## DATA SECTION
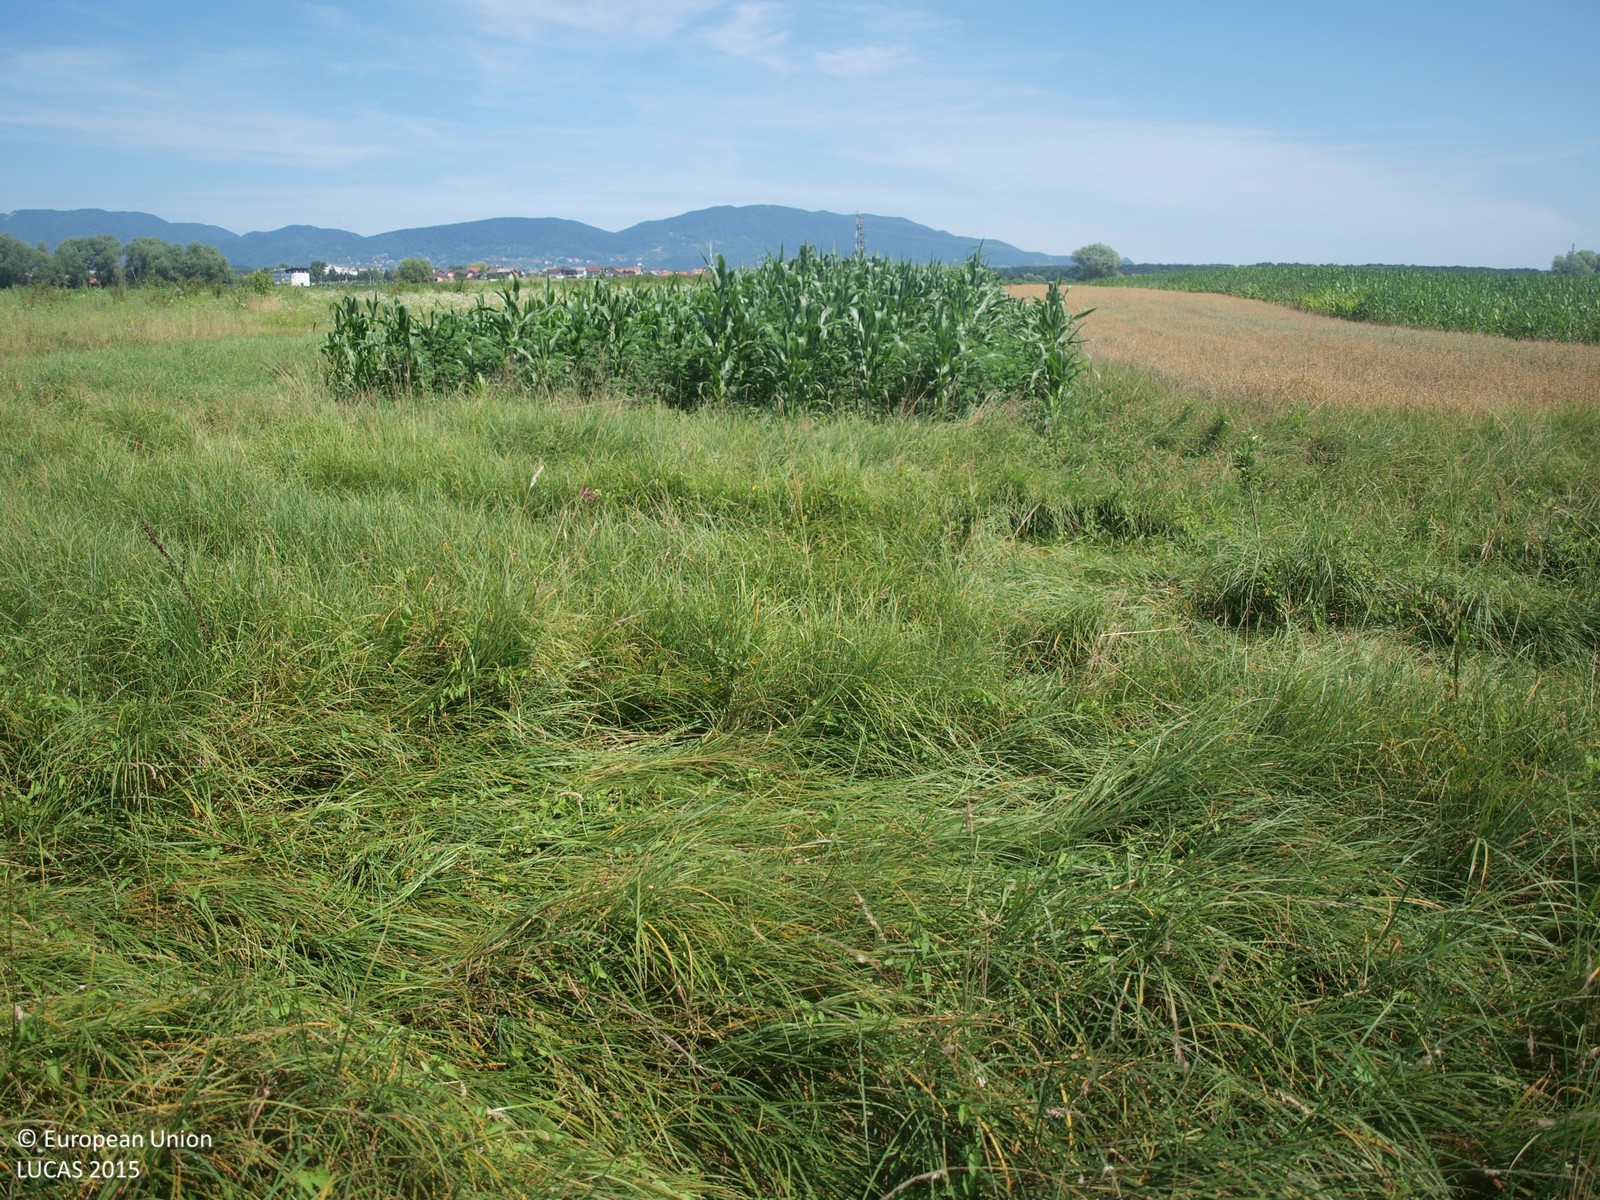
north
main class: Grassland
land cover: Grassland without tree/shrub cover
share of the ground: > 75 %
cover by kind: herbaceous plants 100 %
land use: Agriculture (excluding fallow land and kitchen gardens)
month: July
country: HR
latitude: 45.6598
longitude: 15.6567
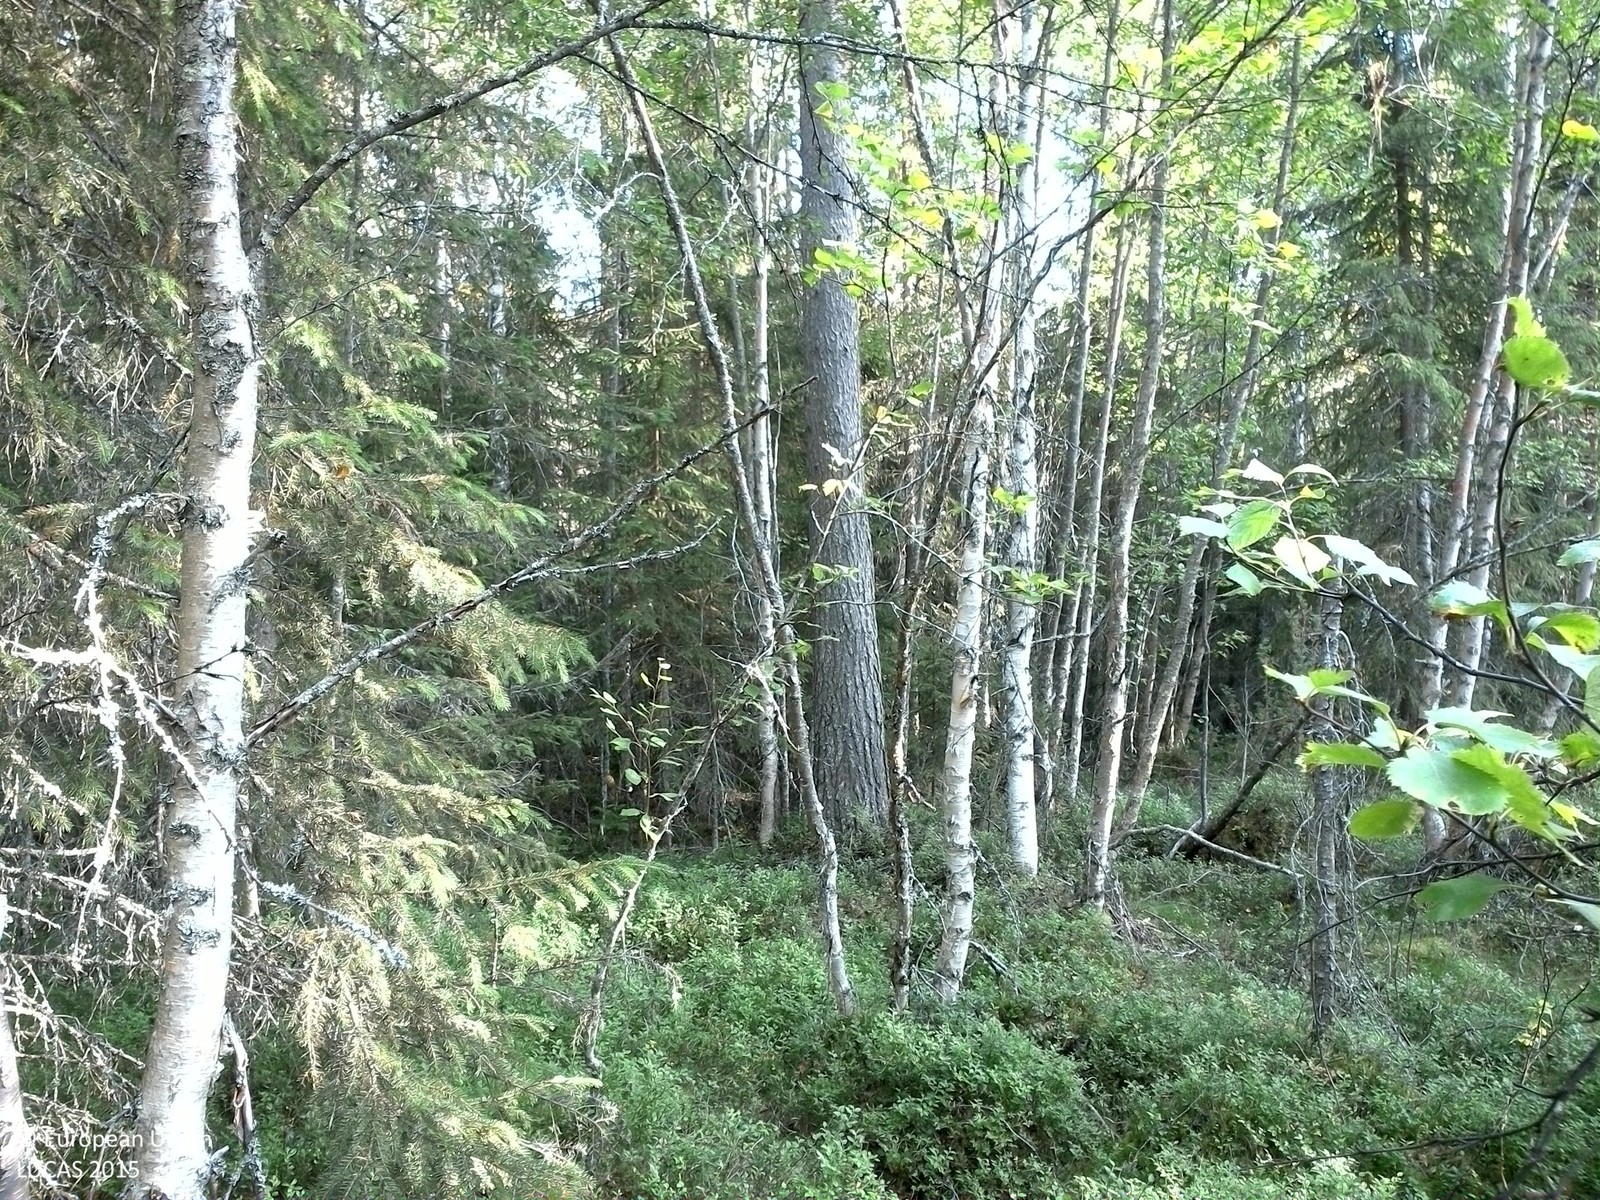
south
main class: Woodland
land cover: Other mixed woodland
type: boreal forest
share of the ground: > 75 %
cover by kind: coniferous forest trees 40 %, broadleaved forest trees 35 %, shrubs 20 %, lichens and mosses 5 %
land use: Forestry
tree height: > 5 m
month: August
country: SE
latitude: 63.8627
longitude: 17.3978

## WHAT IS EXPECTED
Using the records above, copy exactly the lines from the one containing "main class: Woodland" through the last, inclusive, and nothing else.

## THE ANSWER
main class: Woodland
land cover: Other mixed woodland
type: boreal forest
share of the ground: > 75 %
cover by kind: coniferous forest trees 40 %, broadleaved forest trees 35 %, shrubs 20 %, lichens and mosses 5 %
land use: Forestry
tree height: > 5 m
month: August
country: SE
latitude: 63.8627
longitude: 17.3978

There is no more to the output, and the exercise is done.